I don't know what Death is. Not really. I don't know what God is either. "Death" and "God" are just words for things that I perceive vaguely. (The poet Rumi said that we should not confuse a finger pointing at the moon with the moon, which I think means that we should not confuse a word, which is a symbol, with its essence. I think Rumi's right.)
Who or what is God? I don't know. It does seem to me that there is a Great Spirit, for want of a better word…or maybe Energy is a better word…or Grace. I suspect that "God" and "Allah" and "Yahweh" and "Om" and so forth are all words pointing to the same essence, something like the American Transcendentalists' notion of the "Over-Soul." (Oh there's another word: Soul), which Ralph Waldo Emerson called, “that great nature in which we rest…that common heart…the wise silence; the universal beauty; the eternal ONE.” For Emerson and for me, “In sickness, in languor, [it] give[s] us a strain of poetry, or a profound sentence, and we are refreshed….The soul is the perceiver and the revealer of truth.”
            This God, this Over-Soul, neither punishes nor rewards. This God simply is. Life simply is. And so Death is, too. For the Transcendentalists and for me, our bodies die and return to the earth: “dust to dust” as the old Anglican burial service has it. Our spirits remain with the Great Spirit. I don’t really know what that means, but I believe that it is so. Perhaps, as the American Romantic poet Walt Whitman writes, “Death is different than anyone supposed—and luckier.”
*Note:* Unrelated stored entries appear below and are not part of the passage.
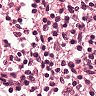
Metastatic tissue present: no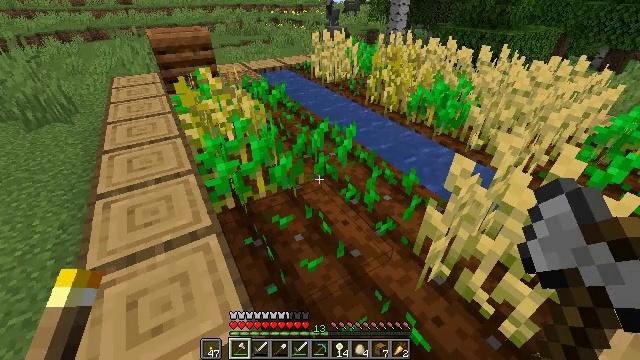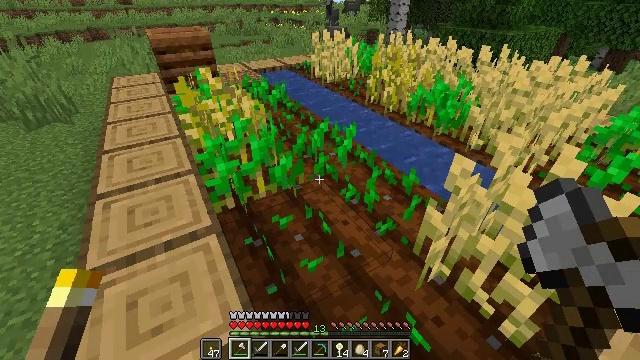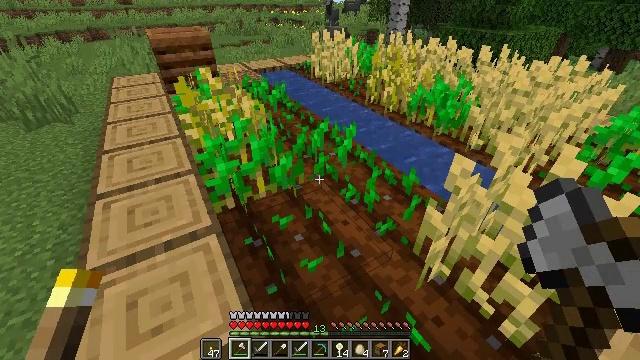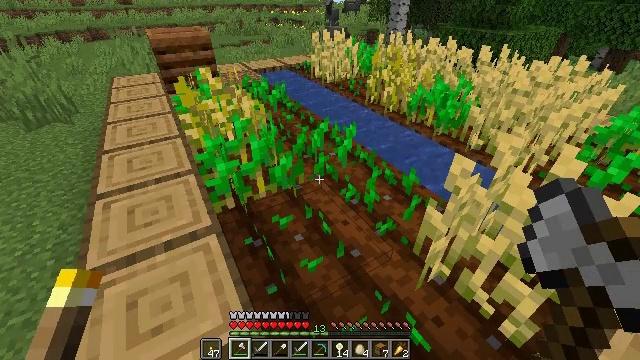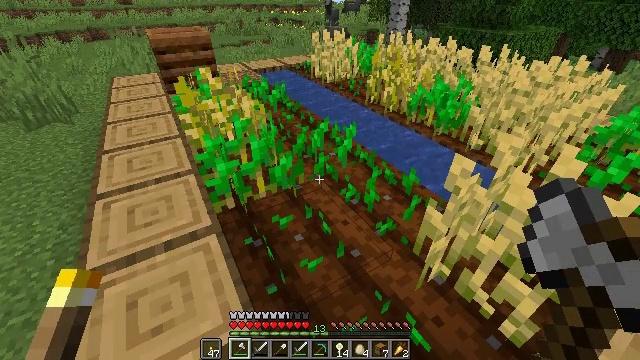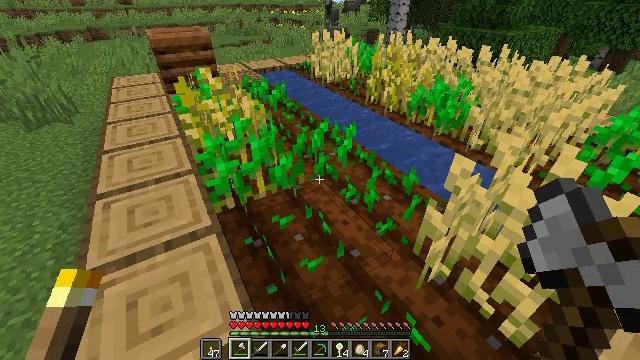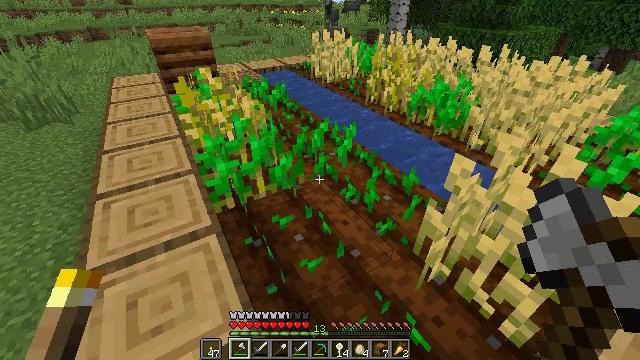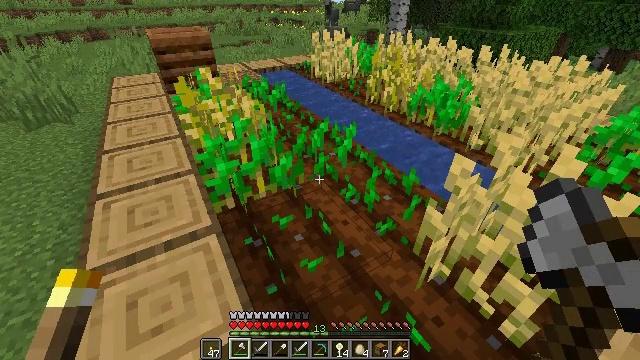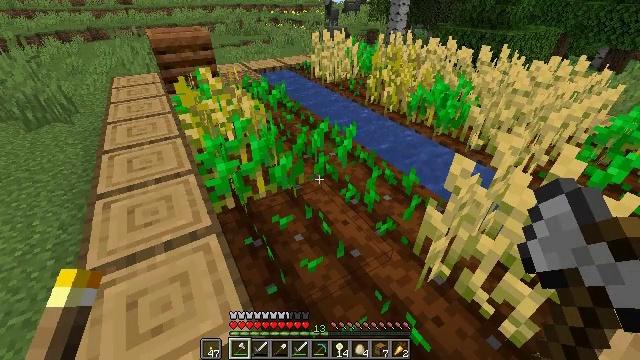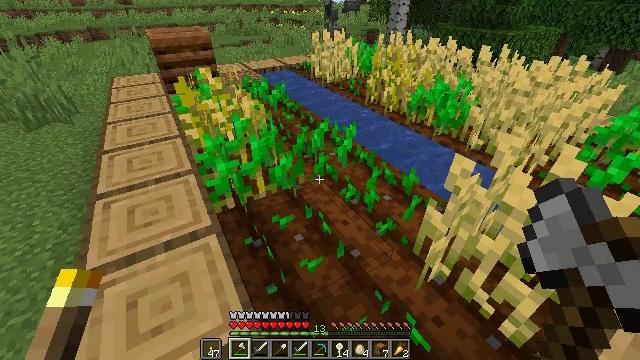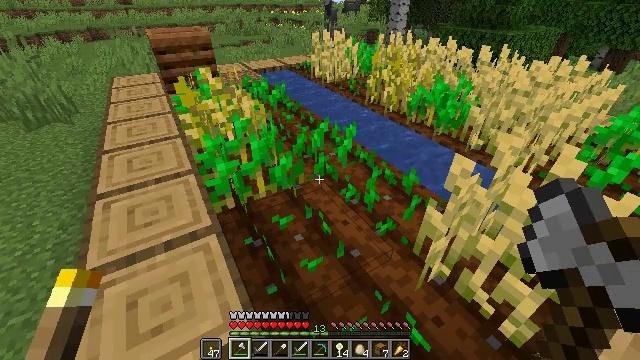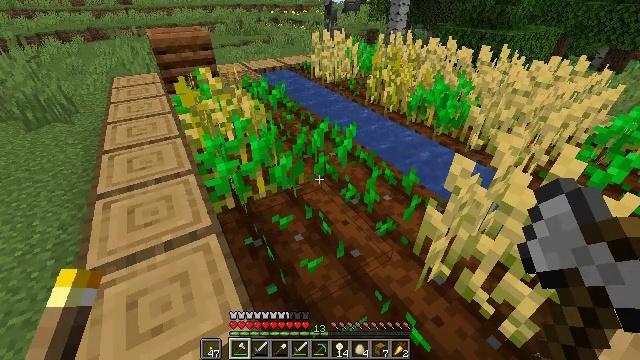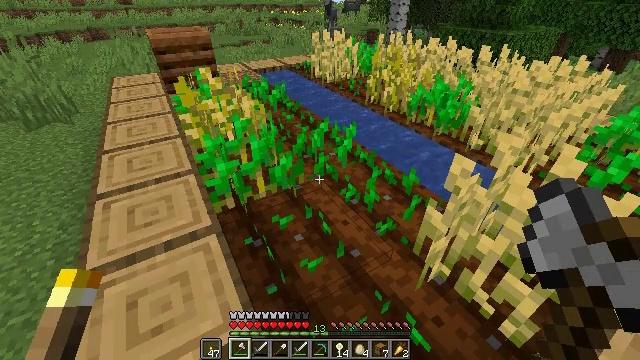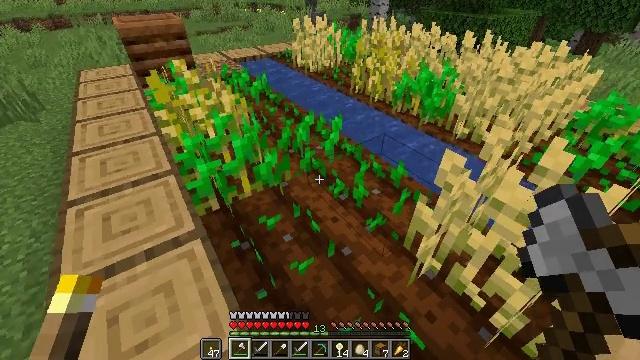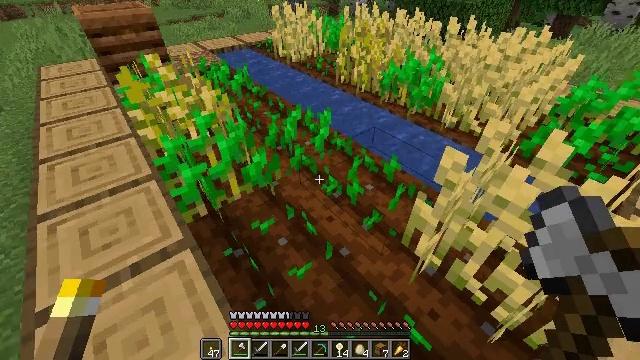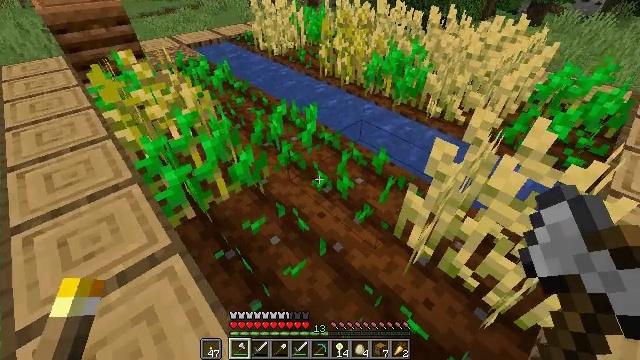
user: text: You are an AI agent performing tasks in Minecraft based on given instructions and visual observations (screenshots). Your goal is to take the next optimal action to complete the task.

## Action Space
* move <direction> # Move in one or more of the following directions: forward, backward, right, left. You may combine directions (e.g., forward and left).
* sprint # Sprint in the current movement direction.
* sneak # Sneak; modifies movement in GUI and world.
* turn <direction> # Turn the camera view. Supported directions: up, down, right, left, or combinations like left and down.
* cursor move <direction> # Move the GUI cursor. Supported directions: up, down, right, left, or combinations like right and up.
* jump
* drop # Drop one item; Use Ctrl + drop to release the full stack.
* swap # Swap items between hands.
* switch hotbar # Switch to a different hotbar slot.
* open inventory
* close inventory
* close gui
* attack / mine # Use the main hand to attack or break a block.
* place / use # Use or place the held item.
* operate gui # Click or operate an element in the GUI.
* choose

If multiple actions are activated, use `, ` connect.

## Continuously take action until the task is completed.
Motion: motion action
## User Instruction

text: Retrieve carrots by attacking the plant.
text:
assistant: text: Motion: no_op
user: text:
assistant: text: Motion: no_op
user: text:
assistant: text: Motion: no_op
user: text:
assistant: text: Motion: no_op
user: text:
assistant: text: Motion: no_op
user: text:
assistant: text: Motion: no_op
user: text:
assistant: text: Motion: no_op
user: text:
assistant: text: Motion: no_op
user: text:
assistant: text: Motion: no_op
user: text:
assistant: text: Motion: no_op
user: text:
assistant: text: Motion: no_op
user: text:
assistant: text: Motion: no_op
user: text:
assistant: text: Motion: move forward, turn right and down
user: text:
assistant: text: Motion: move forward and move left, turn right and down
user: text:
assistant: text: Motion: move forward and move left, turn right and down
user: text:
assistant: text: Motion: move forward and move left, turn right and down
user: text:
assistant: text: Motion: move forward and move left, turn right
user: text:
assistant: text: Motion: move forward and move left
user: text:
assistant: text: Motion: move forward and move left
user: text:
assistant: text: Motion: move forward and move left
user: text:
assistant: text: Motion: move forward and move left
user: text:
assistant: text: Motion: move forward and move left
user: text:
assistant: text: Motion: move forward and move left
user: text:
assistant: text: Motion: move forward and move left
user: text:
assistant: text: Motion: move forward and move left
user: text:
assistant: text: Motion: move forward and move left
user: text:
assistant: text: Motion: move forward and move left
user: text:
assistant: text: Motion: move forward and move left
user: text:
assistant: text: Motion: move left
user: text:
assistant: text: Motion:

            I know I will die, and I am not afraid of Death, but I don’t want to die: not now and maybe I won’t ever want to die. I love my life. When I prepared for neurosurgery, I did not want to die, but I did not fear Death. I did not even fear pain. After surgery, when I hallucinated that I was in the crematorium, I was not upset, only frustrated because the hospital was so inept. (My surgeon was upset and reduced my steroids.)
I did not fear my death, but I feared losing my Self, my personality. I must admit that I am attached to my Self. This amuses me because I know that I’m happiest when I’m so absorbed in something or someone that I forget my Self and time and place. Perhaps these moments when I lose my Self will be like my death. Perhaps my body will be a clod, and my soul will return to the Light. Perhaps my soul won’t experience emotions, neither joy nor sadness, and perhaps my Soul will experience neither love nor hate. Perhaps my Soul will not even be mine. Perhaps then, my Soul will just be.